China and Russia Aren't the Only Major Countries Repressing Journalism

Beijing and Moscow's media crackdown has deflected attention away from Washington's own shoddy treatment of journalists.
Bloomberg News' reporters in China have yet to receive visas enabling them to remain in the country in 2014. (Eduardo Nunoz/Reuters)

While much of the recent attention focused on journalism has been about how to make this venerable trade financially viable in the digital age, as 2013 draws to a close, news gathering faces challenges that money cannot resolve. Governments around the globe are moving seriously to restrict journalism.
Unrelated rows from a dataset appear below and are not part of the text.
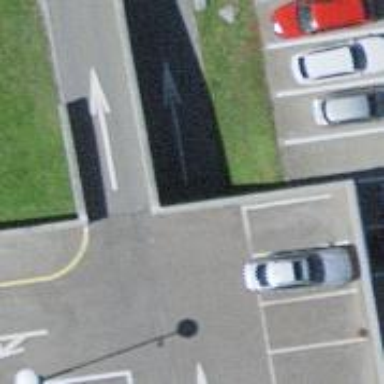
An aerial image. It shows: Parking entrance.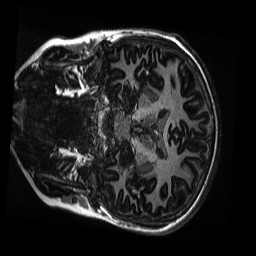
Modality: MP2RAGE
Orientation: coronal
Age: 10
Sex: male
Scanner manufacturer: siemens
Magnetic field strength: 3 T
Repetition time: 4 s
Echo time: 0.00303 s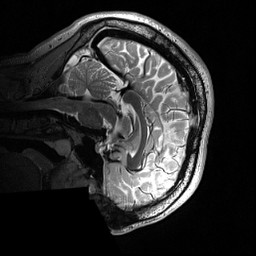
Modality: T2w
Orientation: sagittal
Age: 19
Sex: male
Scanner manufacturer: siemens
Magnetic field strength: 3 T
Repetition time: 3.2 s
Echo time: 0.566 s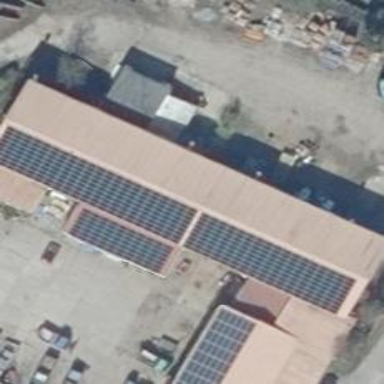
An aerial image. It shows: Solar photovoltaic panel generating electricity through small installation.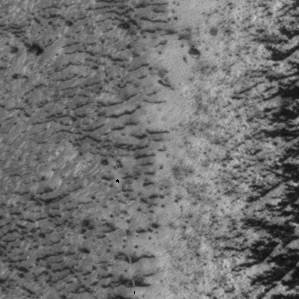
Label: frost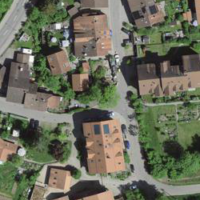
EUNIS habitat code: 54
Species observed at this site:
Sorbus aucuparia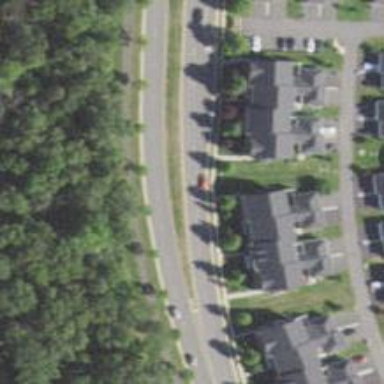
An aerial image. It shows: Asphalt footway.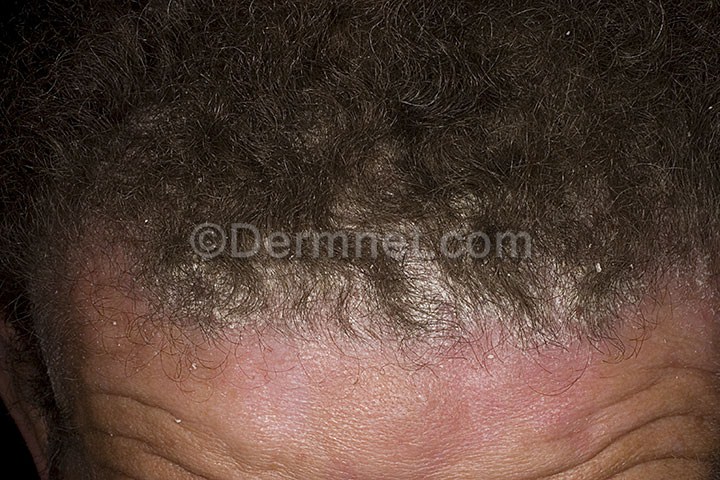
Disease: Psoriasis pictures Lichen Planus and related diseases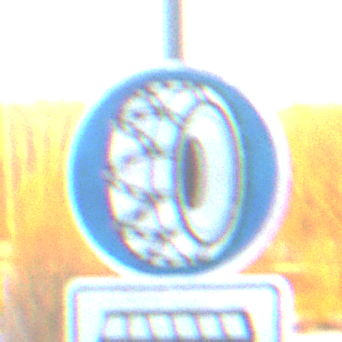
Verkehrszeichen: SchneekettenVorgeschrieben
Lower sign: HinweisDurchSinnbild13
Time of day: SunriseSunset
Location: Outdoor (Nature)
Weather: Clear
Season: Winter
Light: Natural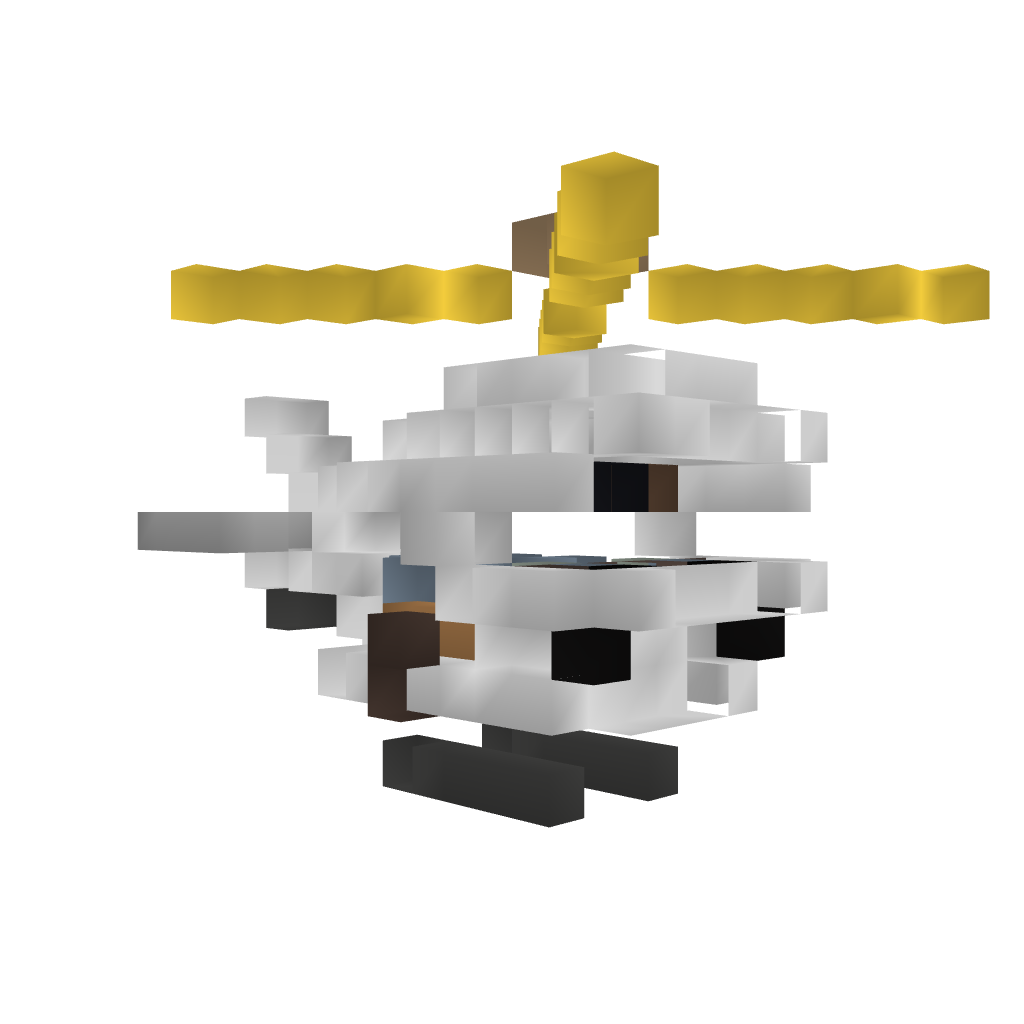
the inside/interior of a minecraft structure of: Helicopter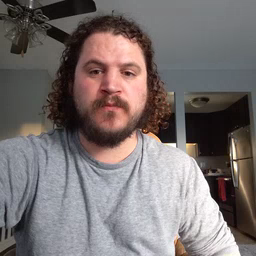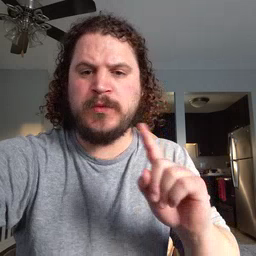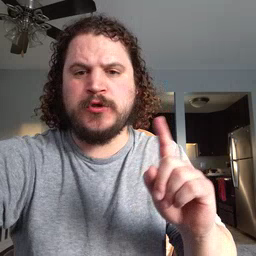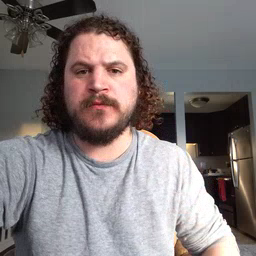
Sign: where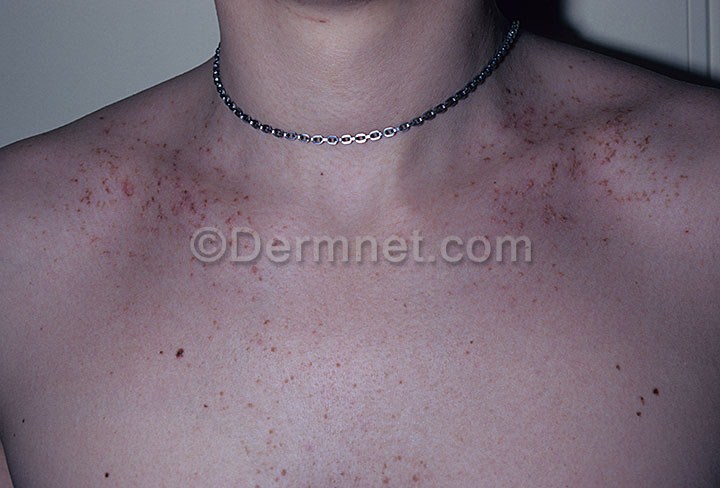
Disease: Bullous Disease Photos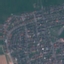
Label: Residential
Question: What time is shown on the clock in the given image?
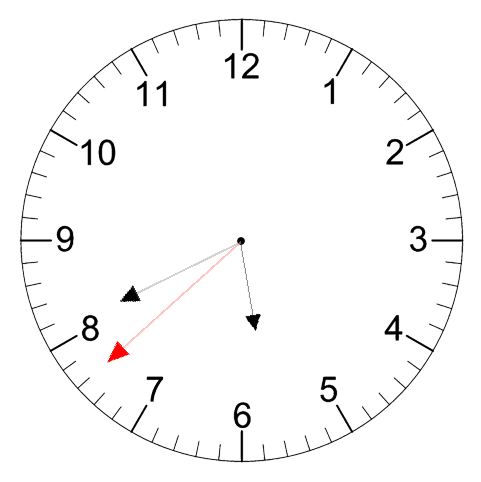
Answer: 05:40:38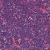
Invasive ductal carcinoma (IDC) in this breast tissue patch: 0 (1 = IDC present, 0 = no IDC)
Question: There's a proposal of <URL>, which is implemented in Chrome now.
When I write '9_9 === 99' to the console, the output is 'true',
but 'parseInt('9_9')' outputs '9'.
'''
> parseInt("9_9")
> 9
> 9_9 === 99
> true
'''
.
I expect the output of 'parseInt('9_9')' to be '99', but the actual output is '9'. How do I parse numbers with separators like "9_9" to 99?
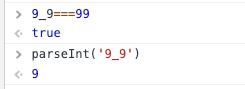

Here, in brief, are observations about how three of the most powerful nations have been putting pressure on the media. 

In China, the attempted intimidation of foreign correspondents is at a level unprecedented in the country’s decades-long ascension to superpower status. In Russia, Vladimir Putin’s contempt for a free-wheeling media has reached the point where he summarily shut down the country’s respected state news agency. And, in the United States, the Obama administration has imposed harsh legal penalties on officials suspected of leaking to the press. The policies of the Chinese and Russian governments, reflecting the deeply ingrained, ideological, and political character of those states, represent a tradition of media suppression. But it is astounding to read the extent to which reporters in Washington are being denied access to officials who run serious risks for talking to them.

The notion that actions in the United States could bear any comparison to China and Russia seems inconceivable. Yet the opening paragraph of a report this fall for the Committee to Protect Journalists by Leonard Downie Jr., former executive editor of the Washington Post, was devastating by American standards:

In the Obama administration’s Washington, government officials are increasingly afraid to talk to the press. Those suspected of discussing with reporters anything that the government has classified as secret are subject to investigation including lie-detector tests and scrutiny of their telephone and e-mail records. An “Insider Threat Program” being implemented in every government department requires all federal employees to help prevent unauthorized disclosures of information by monitoring the behavior of their colleagues.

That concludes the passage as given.